* [TASK REQUIREMENTS]: Set down every entry once more, exactly as it appears.

* [DATASET]:
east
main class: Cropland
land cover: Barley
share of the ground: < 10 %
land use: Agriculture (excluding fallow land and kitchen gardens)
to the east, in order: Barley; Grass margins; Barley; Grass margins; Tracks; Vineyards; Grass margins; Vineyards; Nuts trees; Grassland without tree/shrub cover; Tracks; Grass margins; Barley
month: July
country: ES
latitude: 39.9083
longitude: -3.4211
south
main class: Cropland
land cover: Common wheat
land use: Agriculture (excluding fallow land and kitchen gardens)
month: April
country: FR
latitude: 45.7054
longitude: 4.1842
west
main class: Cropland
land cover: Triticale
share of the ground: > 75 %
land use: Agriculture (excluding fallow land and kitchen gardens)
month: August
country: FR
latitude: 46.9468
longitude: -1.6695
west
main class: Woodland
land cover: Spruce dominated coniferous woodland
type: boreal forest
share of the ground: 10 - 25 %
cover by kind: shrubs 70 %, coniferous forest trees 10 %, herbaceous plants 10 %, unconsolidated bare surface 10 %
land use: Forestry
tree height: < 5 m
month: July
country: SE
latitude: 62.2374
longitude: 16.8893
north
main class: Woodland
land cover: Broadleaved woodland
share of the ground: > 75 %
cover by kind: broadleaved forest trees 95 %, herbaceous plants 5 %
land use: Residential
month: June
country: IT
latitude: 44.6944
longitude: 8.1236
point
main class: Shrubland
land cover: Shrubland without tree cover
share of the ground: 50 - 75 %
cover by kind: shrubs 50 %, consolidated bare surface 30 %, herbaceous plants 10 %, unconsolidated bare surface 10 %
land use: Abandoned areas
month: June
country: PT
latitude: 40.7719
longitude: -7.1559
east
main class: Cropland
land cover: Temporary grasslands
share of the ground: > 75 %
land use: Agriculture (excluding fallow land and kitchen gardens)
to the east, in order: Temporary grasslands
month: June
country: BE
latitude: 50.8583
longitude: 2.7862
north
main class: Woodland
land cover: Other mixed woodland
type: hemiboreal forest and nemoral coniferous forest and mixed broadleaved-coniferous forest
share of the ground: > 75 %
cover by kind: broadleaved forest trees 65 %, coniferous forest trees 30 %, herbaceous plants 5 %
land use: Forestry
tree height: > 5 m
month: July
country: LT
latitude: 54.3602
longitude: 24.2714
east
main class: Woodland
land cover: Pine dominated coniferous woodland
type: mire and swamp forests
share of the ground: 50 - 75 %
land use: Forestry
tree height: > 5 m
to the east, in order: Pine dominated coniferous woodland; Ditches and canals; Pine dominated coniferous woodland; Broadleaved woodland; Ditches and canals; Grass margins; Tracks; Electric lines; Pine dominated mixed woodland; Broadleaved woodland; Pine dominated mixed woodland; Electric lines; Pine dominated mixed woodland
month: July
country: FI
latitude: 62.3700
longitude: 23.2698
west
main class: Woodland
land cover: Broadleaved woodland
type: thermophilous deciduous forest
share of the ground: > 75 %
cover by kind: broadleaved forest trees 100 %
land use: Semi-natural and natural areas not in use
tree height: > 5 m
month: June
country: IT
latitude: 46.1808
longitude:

* [ANSWER TO THE EXERCISE]:
east
main class: Cropland
land cover: Barley
share of the ground: < 10 %
land use: Agriculture (excluding fallow land and kitchen gardens)
to the east, in order: Barley; Grass margins; Barley; Grass margins; Tracks; Vineyards; Grass margins; Vineyards; Nuts trees; Grassland without tree/shrub cover; Tracks; Grass margins; Barley
month: July
country: ES
latitude: 39.9083
longitude: -3.4211
south
main class: Cropland
land cover: Common wheat
land use: Agriculture (excluding fallow land and kitchen gardens)
month: April
country: FR
latitude: 45.7054
longitude: 4.1842
west
main class: Cropland
land cover: Triticale
share of the ground: > 75 %
land use: Agriculture (excluding fallow land and kitchen gardens)
month: August
country: FR
latitude: 46.9468
longitude: -1.6695
west
main class: Woodland
land cover: Spruce dominated coniferous woodland
type: boreal forest
share of the ground: 10 - 25 %
cover by kind: shrubs 70 %, coniferous forest trees 10 %, herbaceous plants 10 %, unconsolidated bare surface 10 %
land use: Forestry
tree height: < 5 m
month: July
country: SE
latitude: 62.2374
longitude: 16.8893
north
main class: Woodland
land cover: Broadleaved woodland
share of the ground: > 75 %
cover by kind: broadleaved forest trees 95 %, herbaceous plants 5 %
land use: Residential
month: June
country: IT
latitude: 44.6944
longitude: 8.1236
point
main class: Shrubland
land cover: Shrubland without tree cover
share of the ground: 50 - 75 %
cover by kind: shrubs 50 %, consolidated bare surface 30 %, herbaceous plants 10 %, unconsolidated bare surface 10 %
land use: Abandoned areas
month: June
country: PT
latitude: 40.7719
longitude: -7.1559
east
main class: Cropland
land cover: Temporary grasslands
share of the ground: > 75 %
land use: Agriculture (excluding fallow land and kitchen gardens)
to the east, in order: Temporary grasslands
month: June
country: BE
latitude: 50.8583
longitude: 2.7862
north
main class: Woodland
land cover: Other mixed woodland
type: hemiboreal forest and nemoral coniferous forest and mixed broadleaved-coniferous forest
share of the ground: > 75 %
cover by kind: broadleaved forest trees 65 %, coniferous forest trees 30 %, herbaceous plants 5 %
land use: Forestry
tree height: > 5 m
month: July
country: LT
latitude: 54.3602
longitude: 24.2714
east
main class: Woodland
land cover: Pine dominated coniferous woodland
type: mire and swamp forests
share of the ground: 50 - 75 %
land use: Forestry
tree height: > 5 m
to the east, in order: Pine dominated coniferous woodland; Ditches and canals; Pine dominated coniferous woodland; Broadleaved woodland; Ditches and canals; Grass margins; Tracks; Electric lines; Pine dominated mixed woodland; Broadleaved woodland; Pine dominated mixed woodland; Electric lines; Pine dominated mixed woodland
month: July
country: FI
latitude: 62.3700
longitude: 23.2698
west
main class: Woodland
land cover: Broadleaved woodland
type: thermophilous deciduous forest
share of the ground: > 75 %
cover by kind: broadleaved forest trees 100 %
land use: Semi-natural and natural areas not in use
tree height: > 5 m
month: June
country: IT
latitude: 46.1808
longitude:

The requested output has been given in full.